Acoustic Legends HD | Electronic Musician Magazine

Reviewer: Marty Cutler Back to Acoustic Legends HD product details


Not everyone owns a collection of high-end acoustic guitars. For that reason, Vir2 Instruments offers Acoustic Legends HD ($299.95), which provides a diverse collection of acoustic guitars with distinct tonal characteristics, so you can choose an appropriate instrument for your music. As a bonus, other fretted instruments are included, such as mandolin, acoustic bass guitar, and banjo. All told, the library amounts to 19 GB of 24-bit, 96 kHz stereo samples distributed over three DVDs.

Acoustic Legends HD comes in AU, VST, and RTAS versions. Installation is simple and relies on Native Instruments' new NI Service Center. It’s convenient, but you will need Internet access and a fast connection. I put Acoustic Legends HD through its paces on my dual processor Mac G4 with OS X 10.4.8 and 2 GB of RAM.


KP Duty
Acoustic Legends HD uses Native Instruments Kontakt Player 2 (KP2), which eliminates the need for multiple, dedicated standalone applications: libraries using KP2 can launch within a single, multitimbral instantiation. If you need to edit the sounds in greater detail, you can load the library into Kontakt 2. The KP 2 interface bears a strong resemblance to its full-featured Kontakt 2 sibling, albeit without user access to the latter's powerful script-creation and sampling features.

Nonetheless, Acoustic Legends HD gives you a performance-oriented layout with a number of important controls at your fingertips. The parameters you can tweak vary by instrument, but the most common ones belong to reverb, EQ, and stereo width. Most of the conventional guitar patches give you control over the release rates and level of fret noise, whereas the chord banks do not offer decay controls.

One of the most challenging guitar techniques to reproduce with a keyboard is a convincing strum. With that in mind, Acoustic Legends HD offers a bank of strummed chords, including muted strokes for rhythmic variation. Key-switches let you access different chord inversions and a relatively generous set of chord qualities, such as major, minor, major-seventh, and half-diminished. If you need to change keys, a built-in capo function limits the range of low notes and inversion choices, just as a real capo would when placed on a guitar.

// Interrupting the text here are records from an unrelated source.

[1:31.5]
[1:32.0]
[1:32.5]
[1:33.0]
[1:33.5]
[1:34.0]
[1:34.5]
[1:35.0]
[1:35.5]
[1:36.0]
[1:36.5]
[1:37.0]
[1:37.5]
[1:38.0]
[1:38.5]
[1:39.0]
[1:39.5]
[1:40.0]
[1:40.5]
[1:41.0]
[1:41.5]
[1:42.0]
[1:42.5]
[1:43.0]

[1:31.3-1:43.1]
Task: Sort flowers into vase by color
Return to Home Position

The Xtra Special bank is for players who are less insistent on authenticity. The bank contains guitars mutated into pads, tempo-synchronized arpeggios, and just plain weird and rude sounds. I appreciate some of the rhythm-oriented, tempo-synch patches, but many of the other patches strike me as filler.

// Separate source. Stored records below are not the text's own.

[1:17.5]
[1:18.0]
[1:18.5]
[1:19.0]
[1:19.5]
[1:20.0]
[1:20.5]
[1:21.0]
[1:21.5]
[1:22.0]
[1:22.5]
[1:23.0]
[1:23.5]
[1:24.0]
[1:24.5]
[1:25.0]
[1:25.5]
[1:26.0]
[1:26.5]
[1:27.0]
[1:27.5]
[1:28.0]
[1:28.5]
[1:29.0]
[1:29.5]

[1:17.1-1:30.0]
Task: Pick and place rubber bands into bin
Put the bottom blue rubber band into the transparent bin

Appropriately, the conventional instruments sound like their sources: the Gibsons are brassy with a prominent midrange; the Martins and Taylors sound bright, detailed, and full; and the fingerpicked Lowden 025 is sweet and mellow (Web Clip 1). The two main guitar folders break down into picked (presumably with a flat pick) and fingerpicked instruments. However, I question a couple of the instrument choices therein. For example, The Gibson J200 is a natural for fingerpicking, yet there are no fingerpicked Gibsons at all in the collection. I would have preferred the Martin D-35 as a picked, rather than fingerpicked instrument. In all fairness, these are reflections of my own taste, rather than rules set in stone.

Although steel-string guitars predominate, the collection does offer a couple of nylon-string instruments played with a pick and fingers. In addition, the Xtra bank contains some decent banjos, ukuleles, and a nice mandolin tremolo patch-thankfully, with a uniform tremolo speed across the keyboard. Nice sounding variations are available throughout the library, including key-switched instruments with slides mapped to alternate keys or key-switched chord inversions. The bank of harmonics has some nice material, especially the J200 harmonic chords patch (Web Clip 2).

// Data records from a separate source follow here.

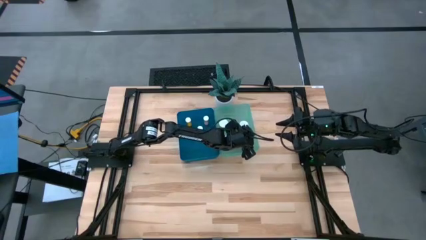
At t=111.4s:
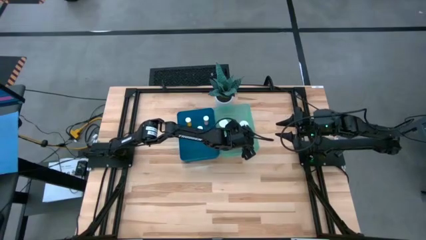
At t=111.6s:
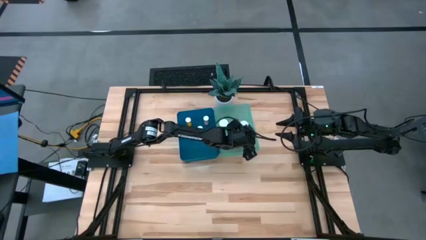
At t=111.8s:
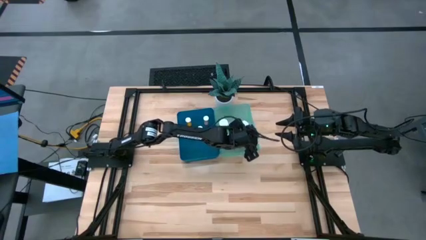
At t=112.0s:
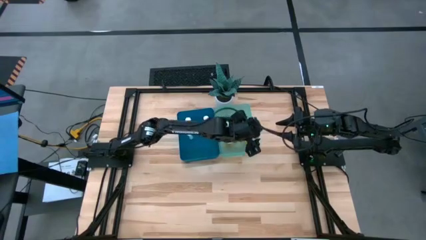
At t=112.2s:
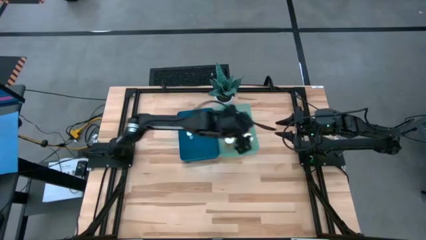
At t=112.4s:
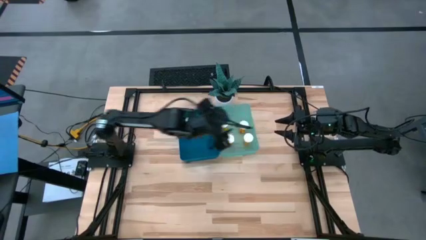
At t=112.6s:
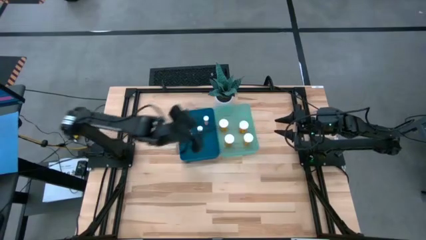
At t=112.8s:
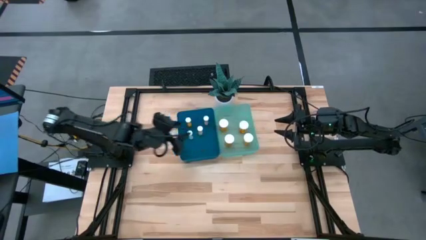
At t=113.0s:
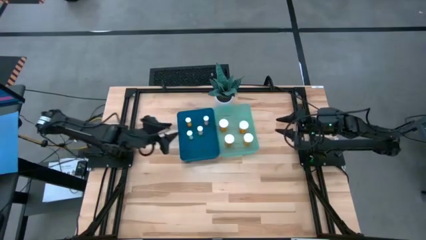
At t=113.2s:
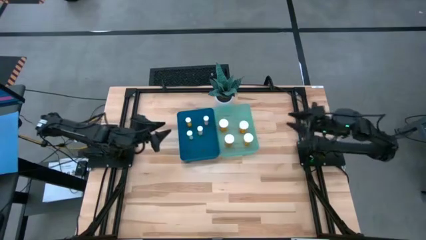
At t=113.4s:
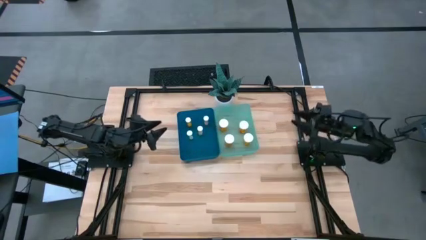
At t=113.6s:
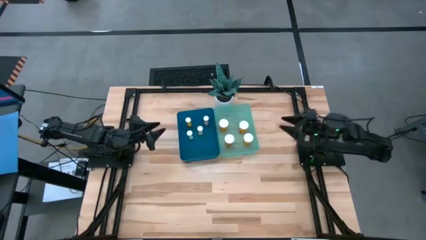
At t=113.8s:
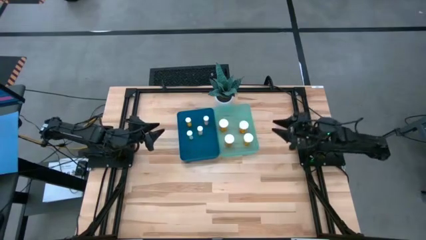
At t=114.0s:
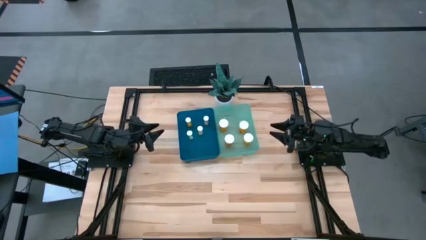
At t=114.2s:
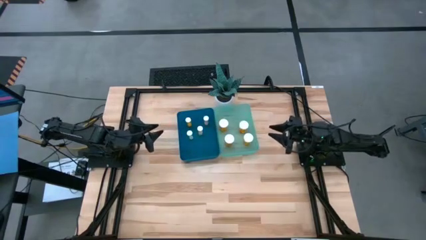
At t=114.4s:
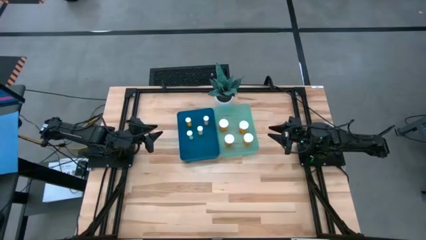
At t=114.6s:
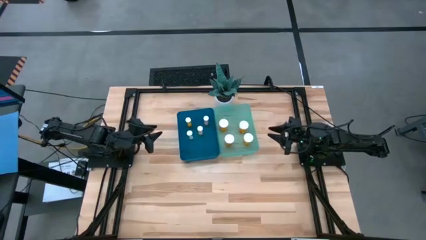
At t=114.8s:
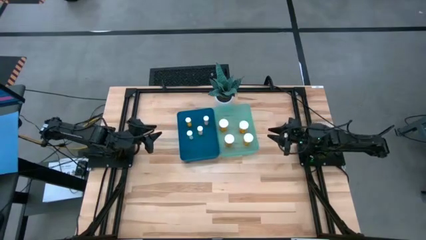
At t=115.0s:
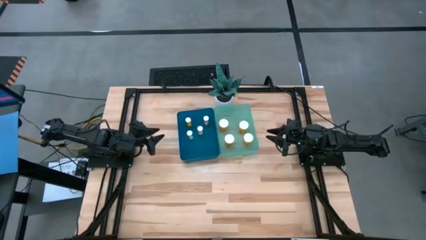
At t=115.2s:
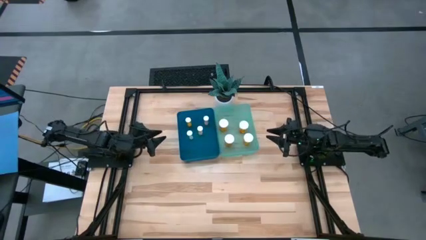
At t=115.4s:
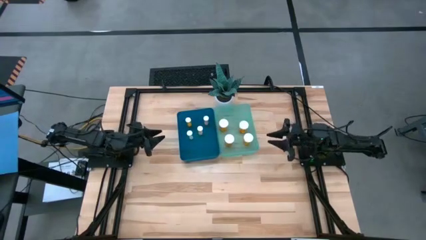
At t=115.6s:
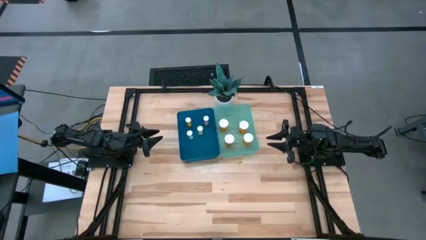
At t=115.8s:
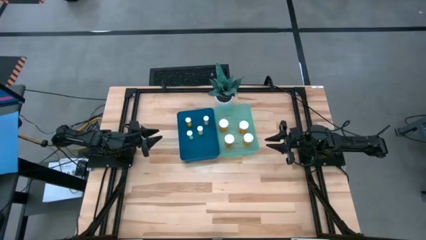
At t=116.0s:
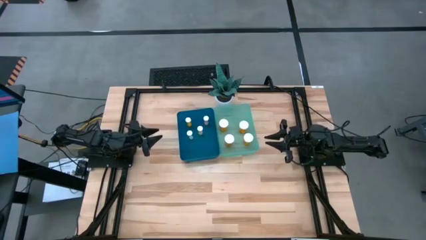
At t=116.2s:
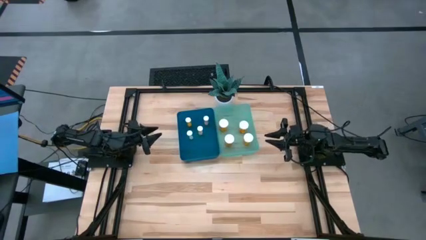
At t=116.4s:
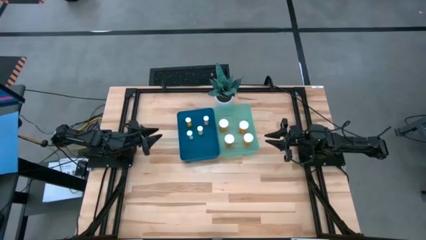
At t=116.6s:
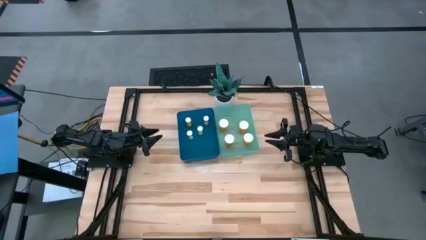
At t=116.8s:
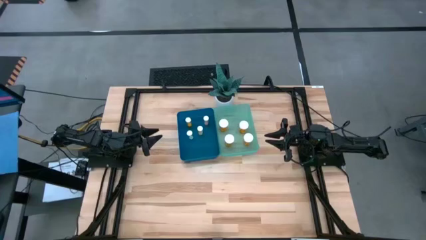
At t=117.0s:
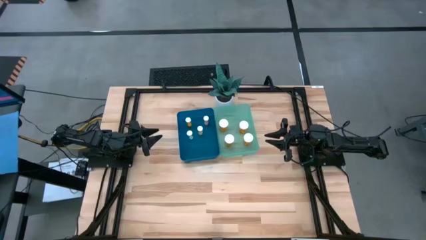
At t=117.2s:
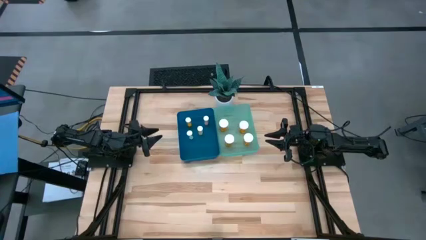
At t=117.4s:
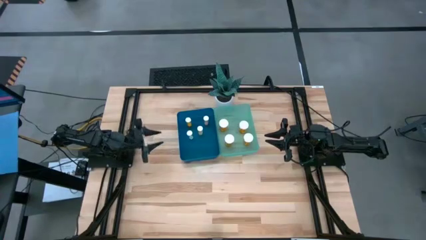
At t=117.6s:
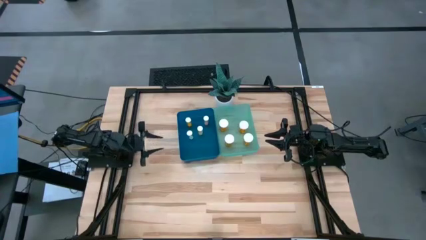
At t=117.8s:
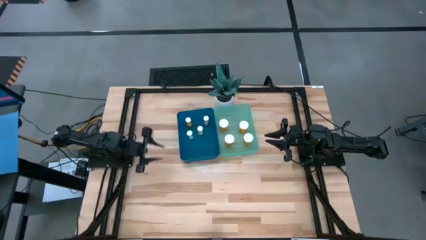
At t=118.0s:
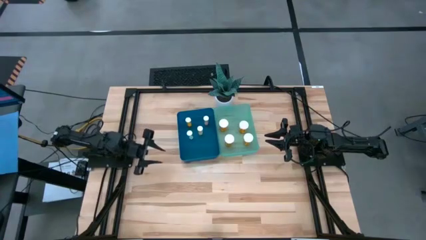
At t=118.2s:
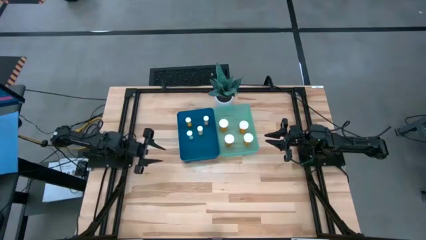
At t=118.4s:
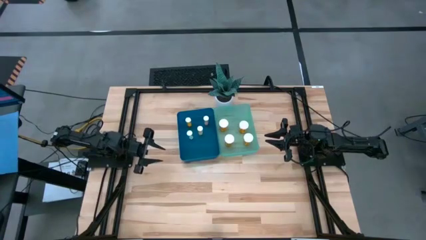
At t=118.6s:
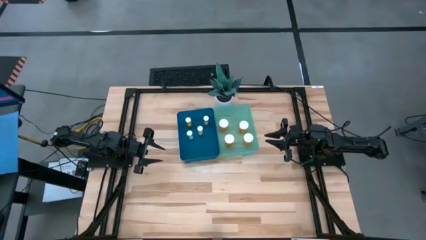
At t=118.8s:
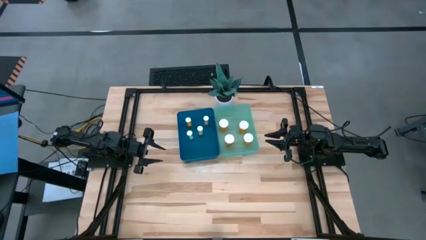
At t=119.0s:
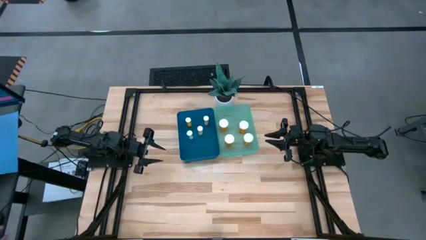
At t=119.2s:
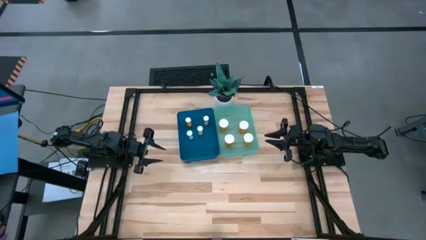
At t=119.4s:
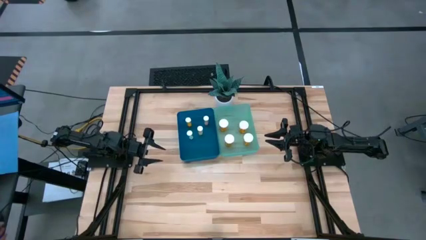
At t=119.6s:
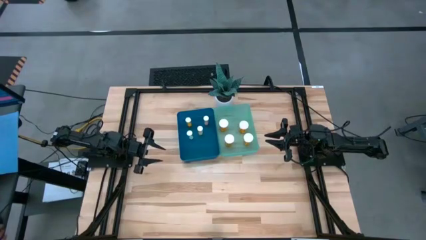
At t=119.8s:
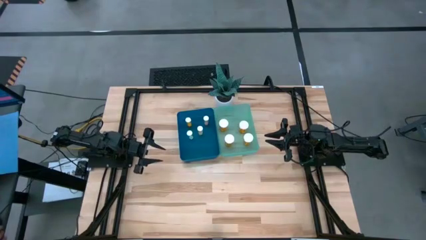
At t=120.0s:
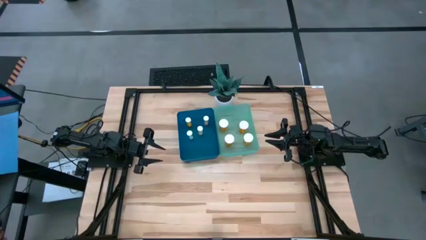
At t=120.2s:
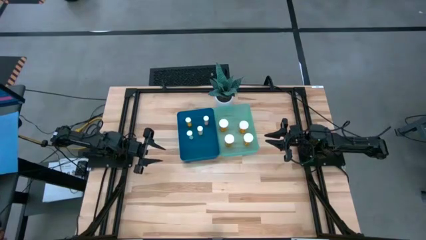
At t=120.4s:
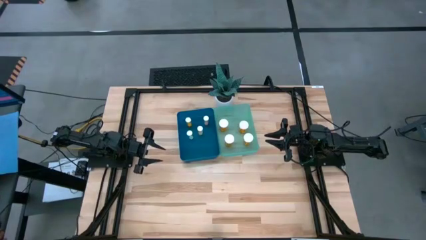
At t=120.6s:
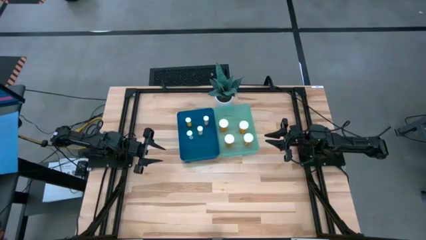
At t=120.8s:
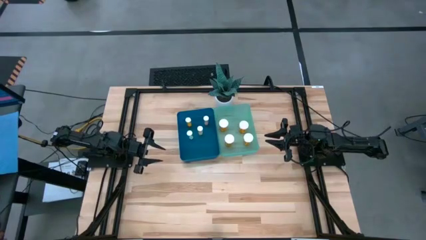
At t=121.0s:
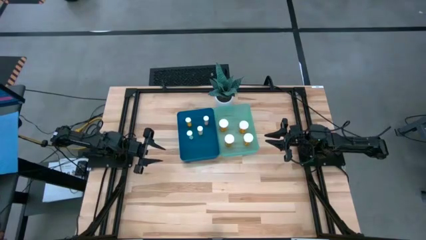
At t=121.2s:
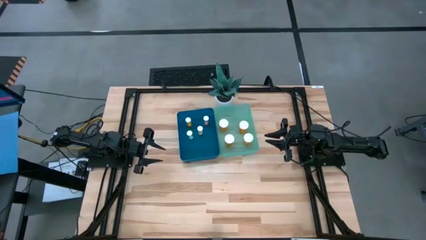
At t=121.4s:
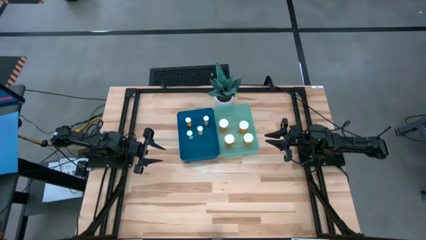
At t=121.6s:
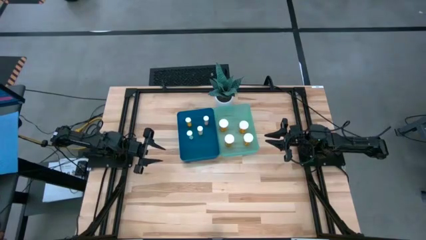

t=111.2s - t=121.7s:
Task: Pick and place medicine bottles into bin by pill shape (circle, oval)
Return to Home Position

A typical problem with sampled guitars is the unnatural uniformity of timbre. In real life, an up-stroke on a guitar often sounds different than a down-stroke, and a strum may not occur in the same location over the instrument's sound-hole, resulting in significant timbral variation. Although I noticed nothing in the documentation overtly mentioning it, there appears to be some randomizing of the samples in this collection to lend authenticity to the performances.

There are a few holes in the library's documentation. Although the accompanying booklet has a list of all of the instruments and model numbers, and it explains controller assignments, patch types, and nomenclature, I needed to investigate with my keyboard what the key-switching assignments actually changed, because they were not specifically documented.

Pickin' and Grinnin'
Overall, Acoustic Legends HD is a solid and varied assortment of eminently playable, high-resolution virtual guitars and fretted string instruments. If you are looking to add sampled acoustic guitars to your desktop studio, be sure to check out this collection.